» **What to work on**: Give the records again. Keep them exact and leave out the images.

» **Provided material**:
++++++
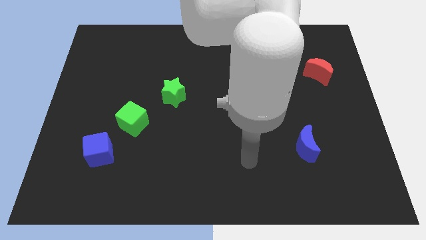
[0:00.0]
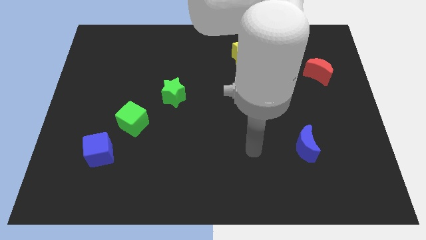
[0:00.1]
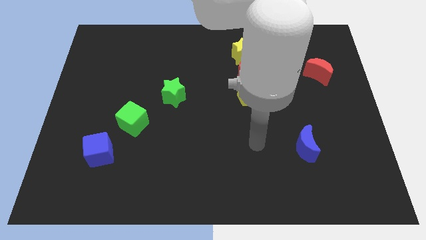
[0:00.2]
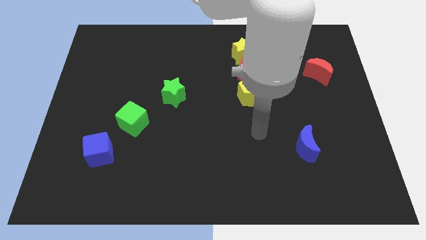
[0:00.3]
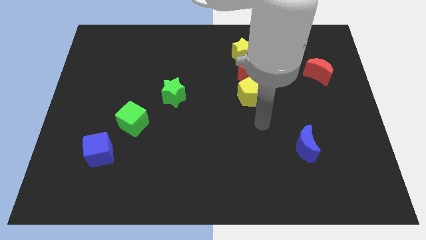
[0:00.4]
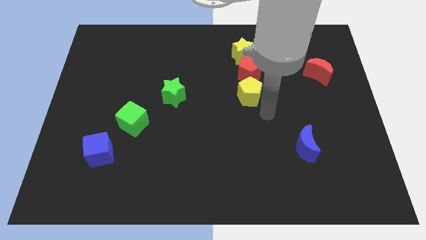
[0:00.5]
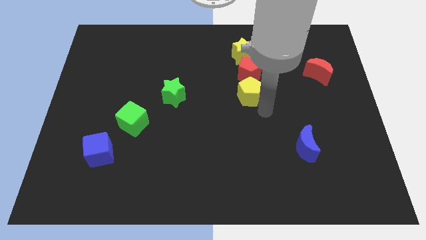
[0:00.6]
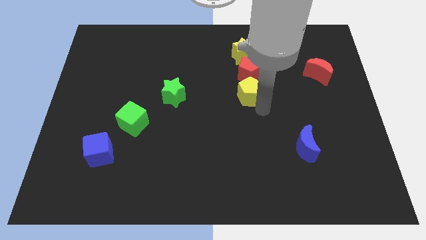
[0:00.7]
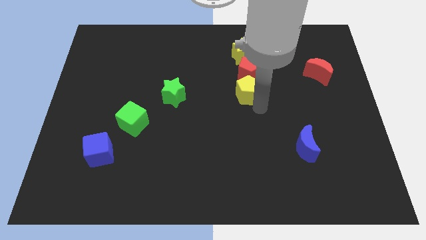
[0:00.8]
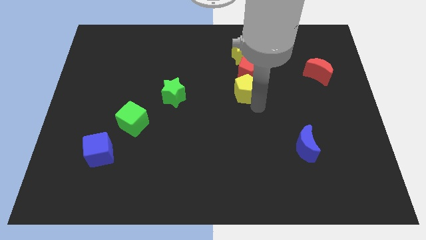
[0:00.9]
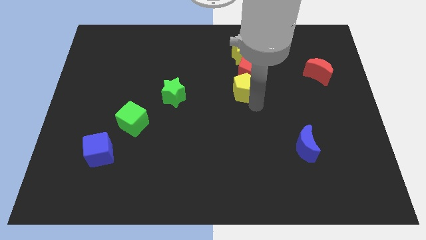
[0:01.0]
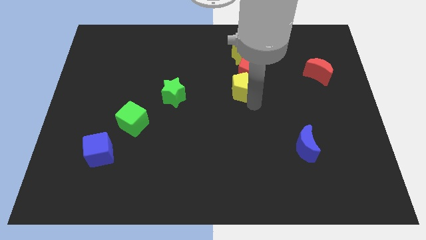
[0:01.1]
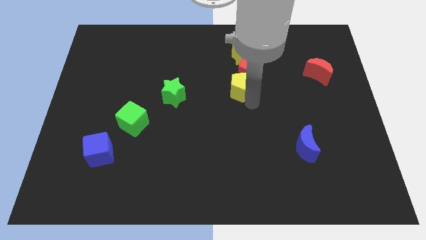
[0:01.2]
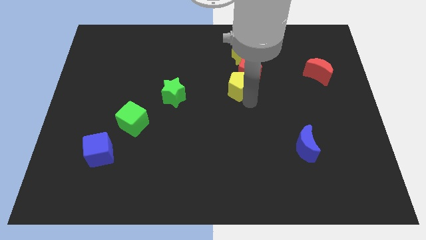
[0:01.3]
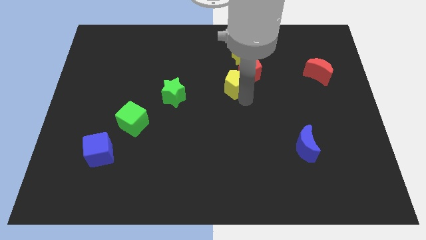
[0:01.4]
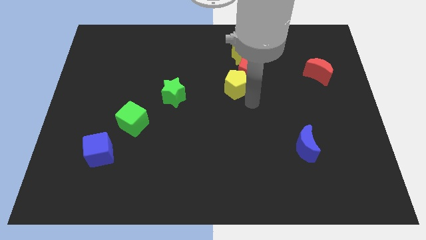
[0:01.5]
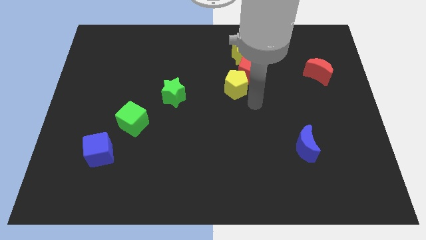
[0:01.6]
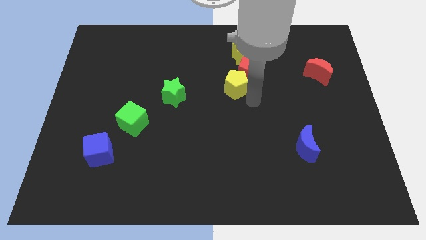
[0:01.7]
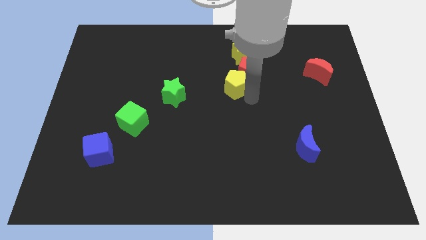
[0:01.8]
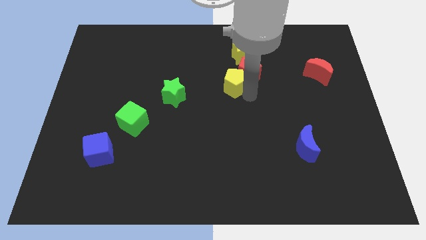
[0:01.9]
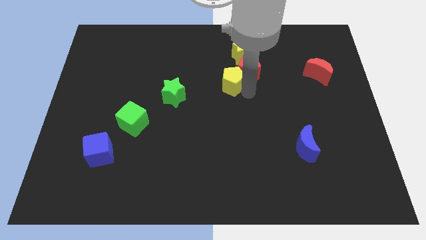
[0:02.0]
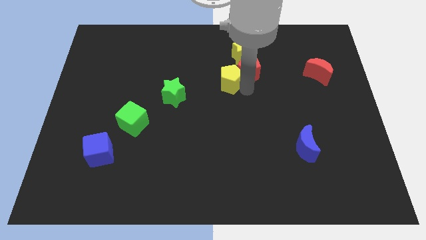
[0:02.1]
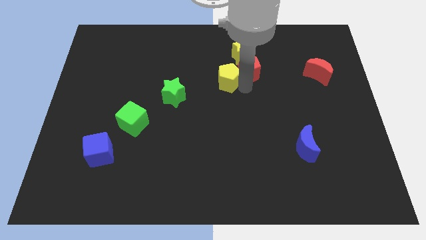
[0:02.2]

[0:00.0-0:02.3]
push the yellow pentagon upwards and to the left somewhat
++++++
» **Output of the exercise**:
[0:00.0]
[0:00.1]
[0:00.2]
[0:00.3]
[0:00.4]
[0:00.5]
[0:00.6]
[0:00.7]
[0:00.8]
[0:00.9]
[0:01.0]
[0:01.1]
[0:01.2]
[0:01.3]
[0:01.4]
[0:01.5]
[0:01.6]
[0:01.7]
[0:01.8]
[0:01.9]
[0:02.0]
[0:02.1]
[0:02.2]

[0:00.0-0:02.3]
push the yellow pentagon upwards and to the left somewhat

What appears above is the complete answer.